Я гляжу в коридор — дверь в туалет закрыта, и, если прислушаться, слышно журчание воды. Я стучусь, но, конечно, никто не открывает. Тогда я пробую садануть дверь плечом, но коридор слишком узок, и мне не хватает силы. Я достаю пистолет и, зажмурившись, уничтожаю щеколду, после чего иду внутрь. Профессор темным пятном сидит на унитазе с оттопыренными и раскуроченными лезвием руками. Багровые реки текут по белому кафелю. Он глядит на меня, и в его глазах я различаю животную панику — он хочет пожить еще, но крови всего мира не хватит, дабы заполнить его пустующие вены.

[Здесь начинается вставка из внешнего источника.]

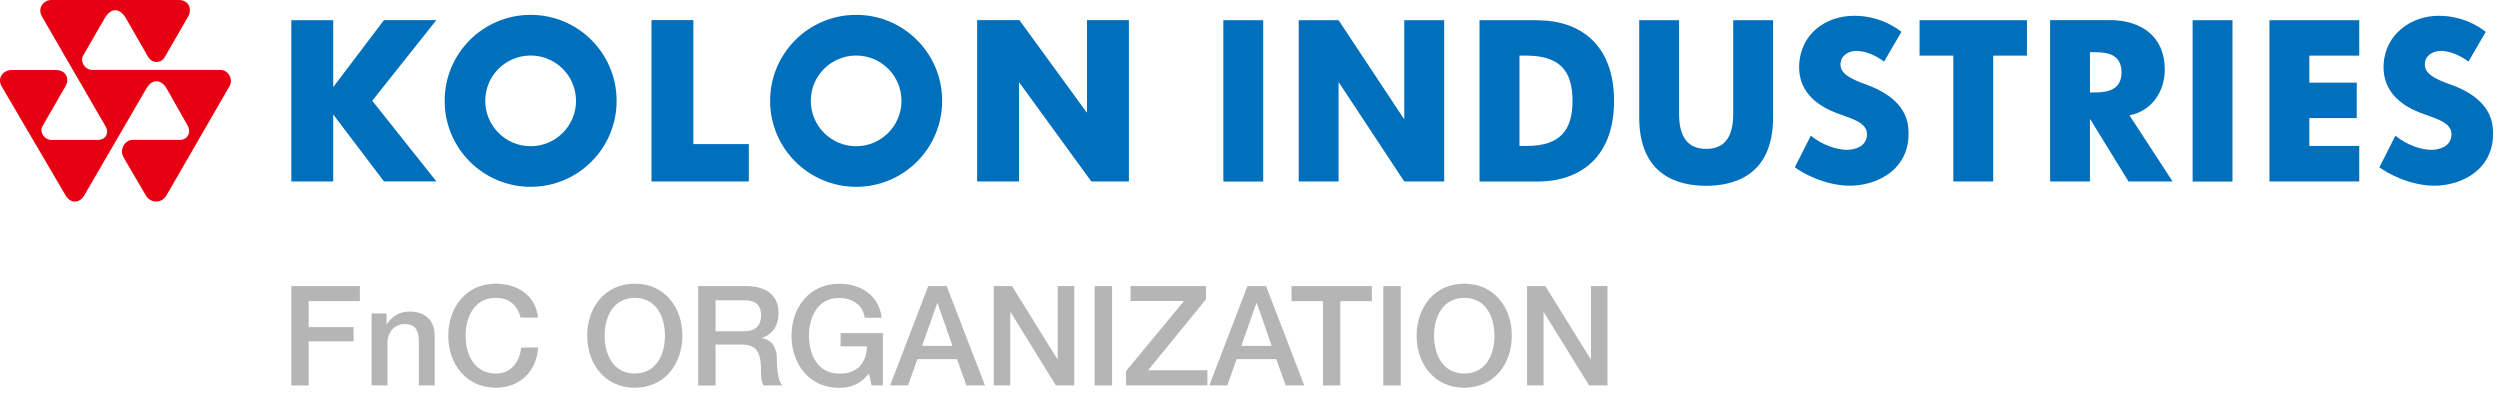 <svg viewBox="0 0 271 43" fill="none" xmlns="http://www.w3.org/2000/svg">
<path d="M31.571 31.01H39.011V32.64H33.461V35.46H38.331V37H33.461V41.78H31.581V31.01H31.571Z" fill="#B5B5B6"></path>
<path d="M40.271 33.98H41.901V35.13L41.931 35.16C42.451 34.3 43.331 33.77 44.361 33.77C46.051 33.77 47.121 34.67 47.121 36.42V41.78H45.401V36.88C45.371 35.66 44.891 35.13 43.881 35.13C42.731 35.13 42.001 36.03 42.001 37.18V41.78H40.281V33.98H40.271Z" fill="#B5B5B6"></path>
<path d="M56.431 34.43C56.111 33.19 55.321 32.29 53.741 32.29C51.441 32.29 50.471 34.33 50.471 36.39C50.471 38.45 51.441 40.49 53.741 40.49C55.411 40.49 56.341 39.24 56.491 37.67H58.331C58.181 40.25 56.361 42.03 53.751 42.03C50.531 42.03 48.591 39.46 48.591 36.39C48.591 33.32 50.521 30.75 53.751 30.75C56.181 30.76 58.101 32.11 58.321 34.43H56.441H56.431Z" fill="#B5B5B6"></path>
<path d="M73.971 36.39C73.971 39.46 72.041 42.03 68.811 42.03C65.581 42.03 63.651 39.46 63.651 36.39C63.651 33.32 65.581 30.75 68.811 30.75C72.041 30.75 73.971 33.31 73.971 36.39ZM65.541 36.39C65.541 38.46 66.501 40.49 68.811 40.49C71.121 40.49 72.081 38.46 72.081 36.39C72.081 34.32 71.121 32.29 68.811 32.29C66.501 32.29 65.541 34.33 65.541 36.39Z" fill="#B5B5B6"></path>
<path d="M75.681 31.01H80.831C83.181 31.01 84.391 32.1 84.391 33.92C84.391 35.98 82.961 36.51 82.611 36.63V36.66C83.261 36.75 84.211 37.23 84.211 38.94C84.211 40.19 84.391 41.34 84.801 41.78H82.781C82.491 41.31 82.491 40.72 82.491 40.2C82.491 38.22 82.081 37.35 80.351 37.35H77.571V41.79H75.681V31.02V31.01ZM77.571 35.91H80.661C81.851 35.91 82.501 35.32 82.501 34.19C82.501 32.82 81.611 32.55 80.631 32.55H77.571V35.91Z" fill="#B5B5B6"></path>
<path d="M95.691 41.78H94.481L94.201 40.51C93.191 41.66 92.271 42.04 90.961 42.04C87.731 42.04 85.801 39.47 85.801 36.4C85.801 33.33 87.731 30.76 90.961 30.76C93.311 30.76 95.291 32.01 95.571 34.44H93.731C93.551 33.02 92.311 32.3 90.961 32.3C88.651 32.3 87.691 34.34 87.691 36.4C87.691 38.46 88.661 40.5 90.961 40.5C92.891 40.53 93.941 39.37 93.981 37.54H91.121V36.11H95.701V41.78H95.691Z" fill="#B5B5B6"></path>
<path d="M100.611 31.01H102.621L106.771 41.78H104.751L103.741 38.93H99.441L98.431 41.78H96.491L100.621 31.01H100.611ZM99.951 37.49H103.241L101.631 32.86H101.591L99.961 37.49H99.951Z" fill="#B5B5B6"></path>
<path d="M107.711 31.01H109.701L114.621 38.94H114.651V31.01H116.451V41.78H114.461L109.561 33.86H109.511V41.78H107.721V31.01H107.711Z" fill="#B5B5B6"></path>
<path d="M118.661 31.01H120.551V41.78H118.661V31.01Z" fill="#B5B5B6"></path>
<path d="M122.541 31.01H130.731V32.44L124.451 40.14H130.881V41.77H122.061V40.23L128.341 32.63H122.551V31L122.541 31.01Z" fill="#B5B5B6"></path>
<path d="M135.231 31.01H137.241L141.381 41.78H139.361L138.351 38.93H134.051L133.041 41.78H131.091L135.221 31.01H135.231ZM134.561 37.49H137.851L136.241 32.86H136.191L134.561 37.49Z" fill="#B5B5B6"></path>
<path d="M139.991 31.01H148.711V32.64H145.291V41.78H143.411V32.64H140.001V31.01H139.991Z" fill="#B5B5B6"></path>
<path d="M149.951 31.01H151.841V41.78H149.951V31.01Z" fill="#B5B5B6"></path>
<path d="M163.881 36.39C163.881 39.46 161.951 42.03 158.721 42.03C155.491 42.03 153.561 39.46 153.561 36.39C153.561 33.32 155.491 30.75 158.721 30.75C161.951 30.75 163.881 33.31 163.881 36.39ZM155.451 36.39C155.451 38.46 156.411 40.49 158.731 40.49C161.051 40.49 162.001 38.46 162.001 36.39C162.001 34.32 161.041 32.29 158.731 32.29C156.421 32.29 155.451 34.33 155.451 36.39Z" fill="#B5B5B6"></path>
<path d="M165.521 31.01H167.511L172.431 38.94H172.461V31.01H174.251V41.78H172.261L167.361 33.86H167.321V41.78H165.531V31.01H165.521Z" fill="#B5B5B6"></path>
<path d="M136.931 2.19H132.611V19.68H136.931V2.19Z" fill="#006FBC"></path>
<path d="M152.221 12.88H152.181L145.101 2.19H140.781V19.67H145.101V8.96H145.151L152.221 19.67H156.551V2.19H152.221V12.88Z" fill="#006FBC"></path>
<path d="M208.081 6.03H211.741V19.67H216.061V6.03H219.721V2.19H208.081V6.03Z" fill="#006FBC"></path>
<path d="M242.001 2.19H237.681V19.68H242.001V2.19Z" fill="#006FBC"></path>
<path d="M246.011 19.67H255.741V15.82H250.331V12.8H255.471V8.96H250.331V6.03H255.741V2.19H246.011V19.67Z" fill="#006FBC"></path>
<path d="M265.621 9.16C263.811 8.51 262.851 7.96 262.851 6.98C262.851 6 263.771 5.47 264.711 5.52C266.261 5.6 267.581 6.68 267.581 6.68L269.451 3.46C269.451 3.46 267.491 1.71 264.361 1.71C261.391 1.71 258.561 3.69 258.381 6.98C258.211 10.24 260.821 11.63 262.371 12.23C263.881 12.82 265.741 13.2 265.741 14.54C265.741 15.88 264.441 16.25 263.501 16.24C262.511 16.23 260.961 15.77 259.661 14.71L257.931 18.13C258.671 18.71 261.081 20.08 263.771 20.13C266.851 20.18 270.671 18.29 270.211 13.78C269.941 11.15 267.491 9.82 265.631 9.16H265.621Z" fill="#006FBC"></path>
<path d="M202.281 9.16C200.481 8.51 199.511 7.96 199.511 6.98C199.511 6 200.431 5.47 201.361 5.52C202.921 5.6 204.231 6.68 204.231 6.68L206.111 3.46C206.111 3.46 204.151 1.71 201.011 1.71C197.871 1.71 195.211 3.69 195.031 6.98C194.861 10.24 197.471 11.63 199.021 12.23C200.521 12.82 202.381 13.2 202.381 14.54C202.381 15.88 201.081 16.25 200.141 16.24C199.151 16.23 197.601 15.77 196.291 14.71L194.561 18.13C195.301 18.71 197.711 20.08 200.411 20.13C203.491 20.18 207.311 18.29 206.851 13.78C206.581 11.15 204.131 9.82 202.271 9.16H202.281Z" fill="#006FBC"></path>
<path d="M187.881 12.34C187.881 14.63 187.111 16.14 184.951 16.14C182.791 16.14 182.011 14.62 182.011 12.34V2.19H177.691V12.73C177.691 19.06 181.961 20.14 184.941 20.14C187.921 20.14 192.201 19.06 192.201 12.73V2.19H187.881V12.35V12.34Z" fill="#006FBC"></path>
<path d="M166.641 2.19H160.381V19.68H166.641C171.281 19.68 174.961 17.06 174.961 10.94C174.961 4.82 171.281 2.2 166.641 2.2V2.19ZM165.471 15.82H164.711V6.03H165.471C169.131 6.03 170.461 7.74 170.461 10.93C170.461 14.12 169.131 15.82 165.471 15.82Z" fill="#006FBC"></path>
<path d="M234.661 7.56C234.661 3.83 231.981 2.18 228.691 2.18H222.231V19.67H226.551V12.94H226.591L230.731 19.67H235.511L230.831 12.5C233.191 12.06 234.661 9.97 234.661 7.56ZM227.081 10.02H226.551V5.66H227.131C228.541 5.66 229.971 5.94 229.971 7.84C229.971 9.74 228.491 10.02 227.081 10.02Z" fill="#006FBC"></path>
<path d="M57.521 1.61C52.371 1.61 48.201 5.78 48.201 10.93C48.201 16.08 52.371 20.25 57.521 20.25C62.671 20.25 66.841 16.08 66.841 10.93C66.841 5.78 62.671 1.61 57.521 1.61ZM57.521 15.85C54.811 15.85 52.601 13.65 52.601 10.93C52.601 8.21 54.801 6.02 57.521 6.02C60.241 6.02 62.441 8.22 62.441 10.93C62.441 13.64 60.241 15.85 57.521 15.85Z" fill="#006FBC"></path>
<path d="M92.811 1.61C87.661 1.61 83.481 5.78 83.481 10.93C83.481 16.08 87.661 20.25 92.811 20.25C97.961 20.25 102.131 16.08 102.131 10.93C102.131 5.78 97.961 1.61 92.811 1.61ZM92.811 15.85C90.091 15.85 87.891 13.65 87.891 10.93C87.891 8.21 90.091 6.02 92.811 6.02C95.531 6.02 97.721 8.22 97.721 10.93C97.721 13.64 95.521 15.85 92.811 15.85Z" fill="#006FBC"></path>
<path d="M75.161 2.18H70.621V19.67H81.171V15.62H75.161V2.18Z" fill="#006FBC"></path>
<path d="M41.621 2.18L36.121 9.44V2.19H31.581V19.67H36.121V12.41L41.621 19.66H47.301L40.351 10.92L47.301 2.18H41.621Z" fill="#006FBC"></path>
<path d="M117.831 2.18V12.18H117.791L110.501 2.18H105.921V19.67H110.461V8.97H110.511L118.301 19.67H122.371V2.18H117.831Z" fill="#006FBC"></path>
<path d="M4.531 1.75C4.031 0.87 4.741 0 5.551 0H19.391C20.531 0 20.841 1.08 20.381 1.82L17.891 6.13C17.491 6.93 16.491 6.9 16.051 6.16L13.641 1.96C12.971 0.84 12.041 0.81 11.361 1.96L9.001 6.04C8.671 6.66 9.181 7.58 10.021 7.58H23.861C24.821 7.58 25.281 8.64 24.891 9.32C24.891 9.32 18.541 20.31 18.031 21.2C17.521 22.08 16.311 22.04 15.821 21.2L13.391 17.06C12.891 16.18 13.571 15.16 14.381 15.16H19.541C20.311 15.16 20.771 14.36 20.321 13.58L18.061 9.59C17.471 8.58 16.521 8.52 15.891 9.55C15.891 9.55 9.611 20.36 9.121 21.2C8.641 22.03 7.651 22.1 7.121 21.2C6.591 20.29 0.181 9.37 0.181 9.37C-0.359 8.4 0.401 7.59 1.251 7.59H6.041C7.231 7.59 7.551 8.62 7.081 9.38L4.601 13.68C4.241 14.34 4.811 15.18 5.621 15.17H10.621C11.381 15.17 11.891 14.48 11.441 13.69L4.521 1.75H4.531Z" fill="#E60012"></path>
</svg>

Кап-кап. Красивая кровь. Красивее, чем эта дикая картина с двумя незнакомцами. Красивее, чем труп и его музыка. Красивее даже Маргариты и уж тем более ее стихов.
Завтра будут разбираться: кто как умер и почему я не предотвратил этих смертей. Полгода мы следили за сектой Фрейдмана, и оказалось, что зря — погибли все. Я искренно надеюсь, что все.
На улице меня встречает холодный рассвет. Я вдыхаю побольше свежего воздуха и прячу пистолет.
Возле чугунного забора на скамейке сидит тот самый парень с длинной косой. Я говорю, чтобы он вызвал полицию, но он вдруг падает навзничь: из его живота, простреленного Максимкой, выползают внутренности.
Я выхожу из переулка, бреду вдоль хайтековских коммерческих высоток и сажусь в метро возле Цирка.